The curse of scalable technology

[+] sseagull|2 years ago|reply

Slightly ranty: Ugh I've been feeling this recently in a few areas. I think a lot of it comes down to imprecise technology and assumptions that are made from that terminology.

1.) We have a very large, powerful server we are using for webapps/database. I wanted a simple way to "orchestrate" containers on it (from a friendly web interface or something). I've come to the conclusion that such a solution does not exist - it's either CLI (docker/docker compose) or run kubernetes (which I tried, and got it working, but it's too complicated for me right now, even on one server. Maybe someday)

2.) I want to aggregate various logs from the apps running on the server, and be able to visualize them in something like Grafana. Some currently log to their own postgres database, others to a file. The answer to this is to install half a dozen (or more) services, each with their own config language, quirks, and 200 page manuals, and hook it all together. The good news is I can use a "simple" config since I have less than 100GB of logs a day (wtf?, I have more like 50MB a day))

There seems to be a completely missing middle class of software/devops/sysadmin information. It's either toy programs or "web-scale" 1000 node clusters.

But coming back to the article, it's really frustrating to try to talk to others or find answers. "I want to aggregate logs" causes people to think my logging needs are bigger than they really are. Same with "container orchestration". And then I get told I'm doing it wrong (which believe me, under my current constraints, is the best we can do). I guess overall I wish people would respect my current constraints.

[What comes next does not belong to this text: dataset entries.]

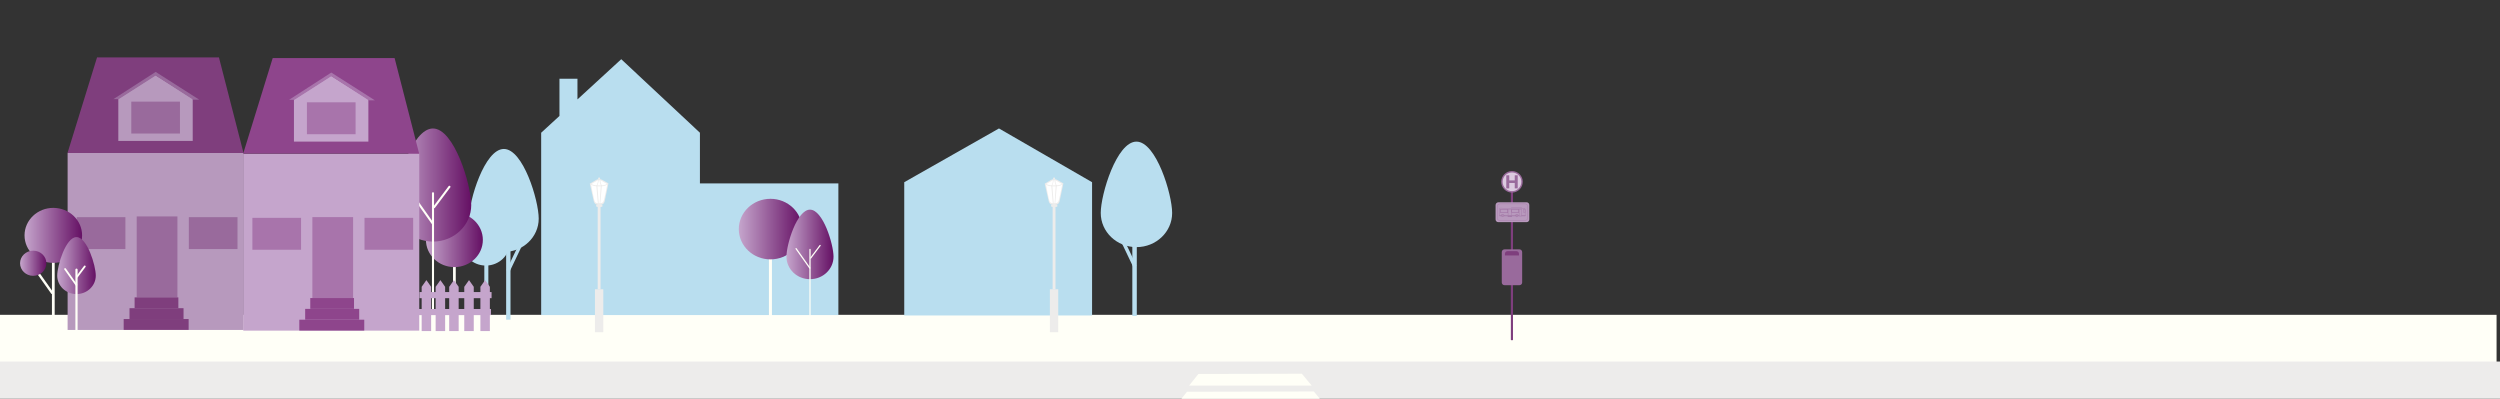 <?xml version="1.0" encoding="UTF-8"?>
<svg xmlns="http://www.w3.org/2000/svg" xmlns:xlink="http://www.w3.org/1999/xlink" version="1.1" viewBox="0 0 8445.2 1347">
  <rect x="0" y="0" width="8445.2" height="1347" fill="#333333" stroke="none"/>
  <!-- Generator: Adobe Illustrator 29.2.1, SVG Export Plug-In . SVG Version: 2.1.0 Build 116)  -->
  <defs>
    <style>
      .st0 {
        fill: #dccae0;
      }

      .st1 {
        fill: url(#Unbenannter_Verlauf_8);
      }

      .st2, .st3, .st4, .st5, .st6, .st7, .st8 {
        stroke: #996a9c;
        stroke-miterlimit: 10;
      }

      .st2, .st3, .st6 {
        stroke-width: .9px;
      }

      .st2, .st9 {
        fill: #b899bd;
      }

      .st10 {
        fill: #7e3e7d;
      }

      .st11 {
        fill: #edeceb;
      }

      .st3 {
        opacity: .4;
      }

      .st3, .st12, .st13, .st14, .st15, .st16, .st17, .st18, .st19, .st4, .st5, .st6, .st7, .st8 {
        fill: none;
      }

      .st20 {
        fill: #7f3e7d;
      }

      .st12 {
        stroke-width: 4.3px;
      }

      .st12, .st13, .st14, .st15, .st16, .st17, .st18, .st19 {
        stroke: #fffff7;
        stroke-linecap: round;
        stroke-linejoin: round;
      }

      .st13 {
        stroke-width: 9.2px;
      }

      .st14 {
        stroke-width: 8.2px;
      }

      .st15 {
        stroke-width: 6.2px;
      }

      .st16 {
        stroke-width: 10.2px;
      }

      .st17 {
        stroke-width: 7.5px;
      }

      .st18 {
        stroke-width: 7px;
      }

      .st19 {
        stroke-width: 9.3px;
      }

      .st21 {
        clip-path: url(#clippath-3);
      }

      .st22 {
        clip-path: url(#clippath-2);
      }

      .st23 {
        fill: #fff;
      }

      .st24 {
        fill: #8e458c;
      }

      .st25 {
        fill: #b799bd;
      }

      .st26 {
        fill: #fffff7;
      }

      .st4, .st5 {
        opacity: .2;
      }

      .st4, .st8 {
        stroke-width: .8px;
      }

      .st5, .st7 {
        stroke-width: .8px;
      }

      .st27 {
        fill: url(#Unbenannter_Verlauf_86);
      }

      .st28 {
        fill: url(#Unbenannter_Verlauf_84);
      }

      .st29 {
        fill: url(#Unbenannter_Verlauf_83);
      }

      .st30 {
        fill: url(#Unbenannter_Verlauf_81);
      }

      .st31 {
        fill: url(#Unbenannter_Verlauf_82);
      }

      .st32 {
        fill: url(#Unbenannter_Verlauf_85);
      }

      .st33 {
        fill: #996a9c;
      }

      .st34 {
        fill: #b9deef;
      }

      .st35 {
        fill: #a874ab;
      }

      .st36 {
        clip-path: url(#clippath);
      }

      .st37 {
        fill: #c5a5cc;
      }
    </style>
    <linearGradient id="Unbenannter_Verlauf_8" data-name="Unbenannter Verlauf 8" x1="1438.9" y1="810.4" x2="1631.1" y2="810.4" gradientUnits="userSpaceOnUse">
      <stop offset="0" stop-color="#c5a5cc"/>
      <stop offset="1" stop-color="#651064"/>
    </linearGradient>
    <linearGradient id="Unbenannter_Verlauf_81" data-name="Unbenannter Verlauf 8" x1="1333.4" y1="625.1" x2="1591.9" y2="625.1" xlink:href="#Unbenannter_Verlauf_8"/>
    <clipPath id="clippath">
      <polygon class="st6" points="5130.7 717.8 5107 717.8 5107 707.3 5130.7 707.3 5130.7 717.8"/>
    </clipPath>
    <clipPath id="clippath-2">
      <circle class="st8" cx="5123.9" cy="729.1" r="2.4"/>
    </clipPath>
    <clipPath id="clippath-3">
      <circle class="st7" cx="5075.8" cy="729" r="2.4"/>
    </clipPath>
    <linearGradient id="Unbenannter_Verlauf_82" data-name="Unbenannter Verlauf 8" x1="82.9" y1="795.1" x2="277.3" y2="795.1" xlink:href="#Unbenannter_Verlauf_8"/>
    <linearGradient id="Unbenannter_Verlauf_83" data-name="Unbenannter Verlauf 8" x1="67.8" y1="889.3" x2="156.6" y2="889.3" xlink:href="#Unbenannter_Verlauf_8"/>
    <linearGradient id="Unbenannter_Verlauf_84" data-name="Unbenannter Verlauf 8" x1="193.2" y1="897.1" x2="323.5" y2="897.1" xlink:href="#Unbenannter_Verlauf_8"/>
    <linearGradient id="Unbenannter_Verlauf_85" data-name="Unbenannter Verlauf 8" x1="2495.7" y1="773.9" x2="2709.6" y2="773.9" xlink:href="#Unbenannter_Verlauf_8"/>
    <linearGradient id="Unbenannter_Verlauf_86" data-name="Unbenannter Verlauf 8" x1="2656.7" y1="825.7" x2="2815.7" y2="825.7" xlink:href="#Unbenannter_Verlauf_8"/>
  </defs>
  <g id="S1_HG">
    <rect class="st26" x="-19" y="1063.5" width="8452.6" height="169.2"/>
    <rect class="st11" x="-14.3" y="1221.4" width="8502.9" height="370.9"/>
    <g>
      <polygon class="st26" points="4048.3 1263.3 4397.8 1262.5 4431.1 1302.7 4016.8 1302.7 4048.3 1263.3"/>
      <polygon class="st26" points="4009.7 1323.4 4438.2 1322.4 4478.9 1371.7 3971.1 1371.7 4009.7 1323.4"/>
    </g>
    <g>
      <g>
        <ellipse class="st34" cx="1641.2" cy="819.8" rx="80.8" ry="77.3"/>
        <path class="st34" d="M1584.4,738.6c0,62.2,52.7,112.5,117.7,112.5,65,0,117.7-50.4,117.7-112.5,0-62.2-52.7-235.4-117.7-235.4-65,0-117.7,173.2-117.7,235.4Z"/>
      </g>
      <rect class="st34" x="1636.1" y="848.8" width="13.6" height="231.5" transform="translate(3285.8 1929.1) rotate(-180)"/>
      <rect class="st34" x="1709.9" y="807" width="14.7" height="272.9" transform="translate(3434.4 1886.9) rotate(-180)"/>
      <rect class="st34" x="1748.3" y="749.1" width="11.6" height="174.3" transform="translate(2976.9 2346.6) rotate(-154.5)"/>
    </g>
    <polygon class="st34" points="2832.1 619.5 2364.4 619.5 2364.4 448.4 2098.6 200 1950.7 335.8 1950.7 265.9 1889.9 265.9 1889.9 391.7 1828.1 448.4 1828.1 1064.4 2364.4 1064.4 2364.4 1064.4 2832.1 1064.4 2832.1 619.5"/>
    <polygon class="st34" points="3374.6 433.9 3054.6 615.5 3054.6 1065.6 3689.1 1065.6 3689.1 615.5 3374.6 433.9"/>
    <g>
      <path class="st34" d="M3959.6,719.5c0,63.7-54,115.3-120.6,115.3s-120.6-51.6-120.6-115.3c0-63.7,54-241.1,120.6-241.1s120.6,177.5,120.6,241.1Z"/>
      <rect class="st34" x="3825.1" y="787.7" width="15.1" height="279.6"/>
      <rect class="st34" x="3788.8" y="728.4" width="11.9" height="178.6" transform="translate(18 1714.7) rotate(-25.5)"/>
    </g>
  </g>
  <g id="S1_Häuser">
    <g>
      <g>
        <line class="st13" x1="1535" y1="806.9" x2="1535" y2="1109.9"/>
        <ellipse class="st1" cx="1535" cy="810.4" rx="96.1" ry="91.9"/>
      </g>
      <g>
        <path class="st30" d="M1591.9,692.5c0,68.3-57.9,123.6-129.3,123.6s-129.3-55.3-129.3-123.6,57.9-258.5,129.3-258.5,129.3,190.2,129.3,258.5Z"/>
        <line class="st18" x1="1462.7" y1="652.8" x2="1462.7" y2="1060.4"/>
        <line class="st18" x1="1386.3" y1="648.3" x2="1461.5" y2="754.7"/>
        <line class="st18" x1="1518.2" y1="631" x2="1466.5" y2="699.9"/>
      </g>
    </g>
    <g>
      <rect class="st10" x="5079.1" y="846" width="55.7" height="46.6"/>
      <g>
        <rect class="st10" x="5103.8" y="632.2" width="7.2" height="517" rx="1.5" ry="1.5"/>
        <path class="st9" d="M5061.7,683.3h95.5c4.9,0,8.9,4,8.9,8.9v49.3c0,4.9-4,8.9-8.9,8.9h-96.1c-4.9,0-8.9-4-8.9-8.9v-48.6c0-5.3,4.3-9.6,9.6-9.6Z"/>
        <path class="st6" d="M5065.8,688.9h87.1c4.2,0,7.7,3.4,7.7,7.7v39.9c0,4.2-3.4,7.7-7.7,7.7h-87.7c-4.2,0-7.7-3.4-7.7-7.7v-39.3c0-4.5,3.7-8.2,8.2-8.2Z"/>
        <g>
          <circle class="st33" cx="5107.6" cy="614.2" r="36.4"/>
          <circle class="st0" cx="5107.6" cy="614.2" r="31.6"/>
          <path class="st33" d="M5127,636.4h-10.1v-18.3h-18.5v18.3h-10.1v-44.3h10.1v17.3h18.5v-17.3h10.1v44.3Z"/>
        </g>
        <g>
          <path class="st6" d="M5140.6,702.9c-.6-1.4-2.4-2.5-4.5-2.5h-28.3c-.7,0-1.2.4-1.2.9v1.6"/>
          <path class="st6" d="M5074.9,702.9h-7.5c-.5,0-1,.4-1,1v24.3c0,.5.4,1,1,1h3.2c0,0,0-.2,0-.2,0-2.9,2.3-5.2,5.2-5.2s5.2,2.3,5.2,5.2,0,.2,0,.2h37.8c0,0,0-.2,0-.2,0-2.9,2.3-5.2,5.2-5.2s5.2,2.3,5.2,5.2,0,.2,0,.2h21.7c.5,0,1-.4,1-1v-.2h0c.3,0,.6-.3.6-.6s-.3-.6-.6-.6h0v-20.1c0-2.1-1.7-3.7-3.7-3.7h-73.1Z"/>
          <path class="st6" d="M5145.6,707.3h6.1v10.7h-3.6c-1.4,0-2.5-1.1-2.5-2.5v-8.1h0Z"/>
          <rect class="st6" x="5068.3" y="707.3" width="25.3" height="10.5"/>
          <path class="st2" d="M5070.6,728.9c0-.5,0-.9.2-1.3h-5c-.3,0-.6.3-.6.6v.9c0,.3.3.6.6.6h4.9c0-.2,0-.5,0-.7Z"/>
          <g>
            <rect class="st6" x="5094.3" y="707.3" width="11.9" height="22.3"/>
            <rect class="st6" x="5093.3" y="730.4" width="14" height="1.2" rx=".3" ry=".3"/>
          </g>
          <g>
            <path class="st2" d="M5118.9,729.7c0-.2,0-.5,0-.7,0-.5,0-.9.2-1.3h-38.2c.1.4.2.9.2,1.3s0,.5,0,.7h38Z"/>
            <path class="st2" d="M5152.4,727.6h-23.5c.1.4.2.9.2,1.3s0,.5,0,.7h23.4c.3,0,.6-.3.6-.6v-.9c0-.3-.3-.6-.6-.6Z"/>
          </g>
          <rect class="st2" x="5131.6" y="707.3" width="8.9" height="22.3"/>
          <circle class="st8" cx="5123.9" cy="729.1" r="3.8"/>
          <circle class="st7" cx="5075.8" cy="729" r="3.8"/>
          <g>
            <rect class="st6" x="5107" y="707.3" width="23.7" height="10.5"/>
            <g>
              <g class="st36">
                <polygon class="st3" points="5108.5 730.7 5119.7 718.5 5120.6 718.4 5108.5 731.9 5108.5 730.7"/>
              </g>
              <polygon class="st6" points="5130.7 717.8 5107 717.8 5107 707.3 5130.7 707.3 5130.7 717.8"/>
            </g>
          </g>
          <polygon class="st6" points="5093.7 717.8 5068.4 717.8 5068.4 707.3 5093.7 707.3 5093.7 717.8"/>
          <g>
            <circle class="st4" cx="5123.9" cy="729.1" r="2.4"/>
            <g>
              <g class="st22">
                <path class="st4" d="M5126.1,730s.2,1.4-2.2,1.4-2.2-1.4-2.2-1.4c0,0,1,1.1,2.3,1.1s2.2-1.2,2.2-1.2Z"/>
              </g>
              <circle class="st8" cx="5123.9" cy="729.1" r="2.4"/>
            </g>
          </g>
          <g>
            <circle class="st5" cx="5075.8" cy="729" r="2.4"/>
            <g>
              <g class="st21">
                <path class="st5" d="M5077.9,729.9s.2,1.4-2.2,1.4-2.2-1.4-2.2-1.4c0,0,1,1.1,2.3,1.1s2.2-1.2,2.2-1.2Z"/>
              </g>
              <circle class="st7" cx="5075.8" cy="729" r="2.4"/>
            </g>
          </g>
        </g>
        <path class="st33" d="M5132.7,842.3h-50.3c-5.1,0-9.3,4.1-9.3,9.3v102.5c0,5.1,4.1,9.3,9.3,9.3h50.3c5.1,0,9.3-4.1,9.3-9.3v-102.5c0-5.1-4.1-9.3-9.3-9.3ZM5131.3,863h-47.5v-6.1c0-4.7,3.8-8.5,8.5-8.5h30.4c4.7,0,8.5,3.8,8.5,8.5v6.1Z"/>
      </g>
    </g>
    <g>
      <g>
        <rect class="st25" x="228.4" y="516.8" width="594.5" height="597.8"/>
        <polygon class="st20" points="228.1 516.8 327.8 193.9 739.6 193.9 822.6 516.8 228.1 516.8"/>
        <polygon class="st25" points="651 476 399.7 476 399.7 333.4 524.4 253.7 651 333.4 651 476"/>
        <polygon class="st33" points="401 334.8 383.2 334.8 525.8 242.9 673 336.7 652.4 336.7 525.8 255.1 401 334.8"/>
        <rect class="st33" x="461.8" y="731.1" width="137.6" height="273.6"/>
        <g>
          <rect class="st20" x="454.7" y="1004.6" width="147.8" height="36.6"/>
          <rect class="st20" x="437.5" y="1041.1" width="182.5" height="36.6"/>
          <rect class="st20" x="417.8" y="1077.7" width="219.4" height="36.6"/>
        </g>
        <rect class="st33" x="259.2" y="733.6" width="164.4" height="107.8"/>
        <rect class="st33" x="637.9" y="733.6" width="164.4" height="107.8"/>
        <rect class="st33" x="443.5" y="343.3" width="164.4" height="107.8"/>
      </g>
      <g>
        <rect class="st37" x="821.8" y="519.1" width="594.5" height="597.8"/>
        <polygon class="st24" points="821.5 519.1 921.2 196.2 1333 196.2 1416 519.1 821.5 519.1"/>
        <polygon class="st37" points="1244.4 478.3 993 478.3 993 335.7 1117.8 256 1244.4 335.7 1244.4 478.3"/>
        <polygon class="st35" points="994.4 337.1 976.6 337.1 1119.1 245.1 1266.4 338.9 1245.8 338.9 1119.1 257.3 994.4 337.1"/>
        <rect class="st35" x="1055.2" y="733.4" width="137.6" height="273.6"/>
        <g>
          <rect class="st24" x="1048.1" y="1006.8" width="147.8" height="36.6"/>
          <rect class="st24" x="1030.9" y="1043.4" width="182.5" height="36.6"/>
          <rect class="st24" x="1011.1" y="1080" width="219.4" height="36.6"/>
        </g>
        <rect class="st35" x="852.6" y="735.9" width="164.4" height="107.8"/>
        <rect class="st35" x="1231.3" y="735.9" width="164.4" height="107.8"/>
        <rect class="st35" x="1036.8" y="345.6" width="164.4" height="107.8"/>
      </g>
    </g>
    <g>
      <line class="st19" x1="180.1" y1="791.5" x2="180.1" y2="1097.9"/>
      <ellipse class="st31" cx="180.1" cy="795.1" rx="97.2" ry="92.9"/>
      <line class="st14" x1="125.9" y1="918.4" x2="176" y2="989.2"/>
      <ellipse class="st29" cx="112.2" cy="889.3" rx="44.4" ry="42.5"/>
    </g>
    <g>
      <path class="st28" d="M323.5,931.1c0,34.4-29.2,62.3-65.1,62.3s-65.1-27.9-65.1-62.3,29.2-130.2,65.1-130.2,65.1,95.9,65.1,130.2Z"/>
      <line class="st17" x1="258.4" y1="911" x2="258.4" y2="1116.4"/>
      <line class="st15" x1="219.9" y1="908.8" x2="257.8" y2="962.4"/>
      <line class="st15" x1="286.3" y1="900.1" x2="260.3" y2="934.8"/>
    </g>
    <g>
      <g>
        <line class="st16" x1="2602.6" y1="770" x2="2602.6" y2="1107.3"/>
        <ellipse class="st32" cx="2602.6" cy="773.9" rx="106.9" ry="102.3"/>
      </g>
      <g>
        <path class="st27" d="M2815.7,867.1c0,42-35.6,76-79.5,76s-79.5-34-79.5-76,35.6-158.9,79.5-158.9,79.5,116.9,79.5,158.9Z"/>
        <line class="st12" x1="2736.2" y1="842.7" x2="2736.2" y2="1093.3"/>
        <line class="st12" x1="2689.2" y1="840" x2="2735.5" y2="905.4"/>
        <line class="st12" x1="2770.3" y1="829.3" x2="2738.5" y2="871.7"/>
      </g>
    </g>
    <g>
      <rect class="st11" x="2009.8" y="977.2" width="28.2" height="145.1"/>
      <rect class="st11" x="2019.1" y="692.5" width="9.6" height="284.8"/>
      <path class="st11" d="M2021.1,692.5h6.3c7.3,0,13.7-5.1,15.2-12.3l12.8-60.7-20.8-11.8c-6.6-3.7-14.7-3.6-21.2.2l-21,12.5,13.5,60c1.6,7.1,7.9,12.1,15.1,12.1Z"/>
      <path class="st23" d="M2020,608.7l-22.6,12.9s10.3,4.6,16.2,4.6,6.4-17.5,6.4-17.5Z"/>
      <path class="st23" d="M2028.3,608.7l22.6,12.9s-10.3,4.6-16.2,4.6-6.4-17.5-6.4-17.5Z"/>
      <path class="st23" d="M2032.8,629.3l-4.9,56.8s6.2,1,9.9-4.6c4-6.1,13.3-57.4,13.3-57.4,0,0-7.8,4.8-18.3,5.2Z"/>
      <polygon class="st23" points="2029.4 629.5 2018.1 629.5 2022.5 686.2 2025.8 686.2 2029.4 629.5"/>
      <path class="st23" d="M2014.7,629.3l4.9,56.8s-6.2,1-9.9-4.6-12.8-57.4-12.8-57.4c0,0,7.2,4.8,17.7,5.2Z"/>
      <rect class="st11" x="2013.6" y="691.9" width="21.9" height="6.8" rx="3.4" ry="3.4"/>
      <circle class="st11" cx="2023.9" cy="602.8" r="3.4"/>
      <path class="st23" d="M2022.7,608.7h2.6c1,8.8,4.4,17.6,4.4,17.6h-11.8s3.6-8,4.8-17.6Z"/>
    </g>
    <g>
      <rect class="st11" x="3546.6" y="977.2" width="28.2" height="145.1"/>
      <rect class="st11" x="3555.9" y="692.5" width="9.6" height="284.8"/>
      <path class="st11" d="M3557.9,692.5h6.3c7.3,0,13.7-5.1,15.2-12.3l12.8-60.7-20.8-11.8c-6.6-3.7-14.7-3.6-21.2.2l-21,12.5,13.5,60c1.6,7.1,7.9,12.1,15.1,12.1Z"/>
      <path class="st23" d="M3556.8,608.7l-22.6,12.9s10.3,4.6,16.2,4.6,6.4-17.5,6.4-17.5Z"/>
      <path class="st23" d="M3565.1,608.7l22.6,12.9s-10.3,4.6-16.2,4.6-6.4-17.5-6.4-17.5Z"/>
      <path class="st23" d="M3569.7,629.3l-4.9,56.8s6.2,1,9.9-4.6,13.3-57.4,13.3-57.4c0,0-7.8,4.8-18.3,5.2Z"/>
      <polygon class="st23" points="3566.2 629.5 3555 629.5 3559.3 686.2 3562.7 686.2 3566.2 629.5"/>
      <path class="st23" d="M3551.5,629.3l4.9,56.8s-6.2,1-9.9-4.6c-4-6.1-12.8-57.4-12.8-57.4,0,0,7.2,4.8,17.7,5.2Z"/>
      <rect class="st11" x="3550.4" y="691.9" width="21.9" height="6.8" rx="3.4" ry="3.4"/>
      <circle class="st11" cx="3560.7" cy="602.8" r="3.4"/>
      <path class="st23" d="M3559.5,608.7h2.6c1,8.8,4.4,17.6,4.4,17.6h-11.8s3.6-8,4.8-17.6Z"/>
    </g>
    <g>
      <polygon class="st37" points="1503.7 1118.4 1471.6 1118.4 1471.6 968.9 1487.7 946.2 1503.7 968.9 1503.7 1118.4"/>
      <polygon class="st37" points="1549.4 1118.4 1517.4 1118.4 1517.4 968.9 1533.4 946.2 1549.4 968.9 1549.4 1118.4"/>
      <polygon class="st37" points="1600.4 1118.4 1568.3 1118.4 1568.3 968.9 1584.4 946.2 1600.4 968.9 1600.4 1118.4"/>
      <polygon class="st37" points="1654.8 1118.4 1622.8 1118.4 1622.8 968.9 1638.8 946.2 1654.8 968.9 1654.8 1118.4"/>
      <polygon class="st37" points="1456.4 1118.4 1424.4 1118.4 1424.4 968.9 1440.4 946.2 1456.4 968.9 1456.4 1118.4"/>
      <rect class="st37" x="1416.9" y="986.6" width="243.7" height="20.7"/>
      <rect class="st37" x="1414.9" y="1043.8" width="243.7" height="20.7"/>
    </g>
  </g>
</svg>

[+] sh34r|2 years ago|reply

If you're locked into containers as the solution, the answer to your problem is docker-compose. But verify that assumption first. Why containers and not VMs? VMs solved this particular problem years before anyone had ever heard of Docker. You don't need containers if you're just splitting up a single-server monolith. I don't know if I'd call them "friendly," but basically every VMM has a GUI. Docker's the easiest way to solve the runs-on-my-machine problem, but Vagrant isn't much harder.

k8s is a non-starter for this use case. So incredibly overcomplicated, and what did you think you were getting for that complexity? It's for large-scale deployments. You have one server. Resume driven development is getting out of control...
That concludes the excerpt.